The process of writing this post, the very first on the new platform, was quite nice. But I’m in the perfect spot of product requirements and technical skills

Anyway, I’m going to try to post more content in the following months. :)

2017.10.25

CGD: Awesome Video Game Data 2017

#business #game #programming

I follow the GDC (Game Developer Conference) channel on YouTube and, just right now, I recommend you to do the same. A great number of excellent talks (of course there are some exceptions, like the lame at-the-time-GDC-board-member Peter Molyneux making plain simple propaganda).

There is one that I just watched and is very eye-opening: it’s the annual talk from the guys of EEDAR (a data consolidation company) presenting numbers of the whole industry. There are talks about prices, sales, regions, and mobile/pc/consoles. Everything!

It is a must-see.

2017.07.13

Linux on Notebook, Take 2, Mini-Buntu

#game # #personal #programming

My notebook is not new. I bought the Yoga 2 Pro almost 4 years ago. Two years back, I got annoyed with Windows, so I decided to install Linux in it. I was scared because on the contrary of most my PCs that I assembled myself, the Lenovo had a warranty and possibly custom hardware.

As I told, the attempt failed. It was giving me too many headaches. Also, I generally use my notebook to also program and develop games. And because the Unity Editor was not available (not at least in a reasonable version), I was kinda forced to migrate back to Windows10.

About 3 months ago, I decided to give it a second shot. In case I was not clear, I use Linux in the desktop, in a dual boot, for about 15 years. I saw Ubuntu entering the market. But since I start to systematically be involved on making games, the necessity of Windows started too. Back to the experiment. It was a requirement for me that the general performance had to be great. Not good, great. I would prefer to keep on the Debian-like distro because I’m familiar to. Ubuntu family if possible. So I selected both Kubuntu and Lubuntu for a ride.

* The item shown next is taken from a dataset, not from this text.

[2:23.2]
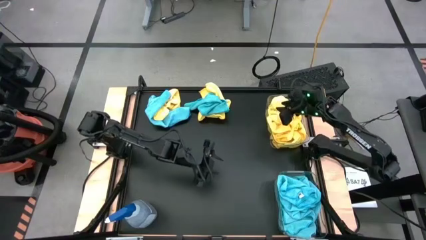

Kubuntu was the one that I tested before. I like KDE since version 2 but again failed in deliver a blazing fast experience. In the notebook, the boot time was several minutes. Even Windows 10 was a couple of seconds. I decided then to format and install Lubuntu.

Lubuntu is an Ubuntu derivative using the LXDE desktop environment. Super light. Man! Boot was fast and when ready it consumed a fraction of RAM of both Windows and Kubuntu. However, during my 4 weeks test I was giving too many little problems. So I decided to make another switch.

Xubuntu is fine in a 13 inches monitor. Then came to the software selection. Lubuntu was super short on preinstalled stuff, which I like because I generally don’t use them anyway, but Xubuntu came with some. The good news is that the selection does not consume much of the drive space and are light enough in case I really want to use them.

I had to install Steam and it works nice. Unfortunately, GOG’s Galaxy does not have currently a Linux version, so the games have to be installed manually one by one. Also, your play time will be not computed, nor you will be alerted about updates. A second negative point is that most GOG’s games do not use the new cloud save feature, so playing a bit in the notebook and a bit in the desktop is only for games that progress do not matter. Fingers crossed for the future.

Finally, I was looking for a game engine that works on Linux. Unreal, as I found, works, but you have to compile it yourself. GREAT 🙁 I did it. It took hours and the result was too many crashes and too big suite to work in a notebook. I was once again looking for a lightweight engine. I tested Godot and liked. But it is still lacking.

Then I found out that Unity is, in fact, releasing in an alternative channel (through forums) the update engine for Linux. I installed it too. Crashes a lot but it works. I’ve being playing the game developer in the notebook ever since. With the excellent Visual Studio Code editor, it makes my days fun.

After 2 months and half working most of the time on this notebook, I can be happier man but in general I am already one. It is fast, close environment that I face when I deal with cloud Internet stuff and free. I plan to migrate to a newer machine in the next year, mostly to get a better amount of RAM memory and battery life. Currently, it lasts 3 hours, which is by any means a shame for a mobile device.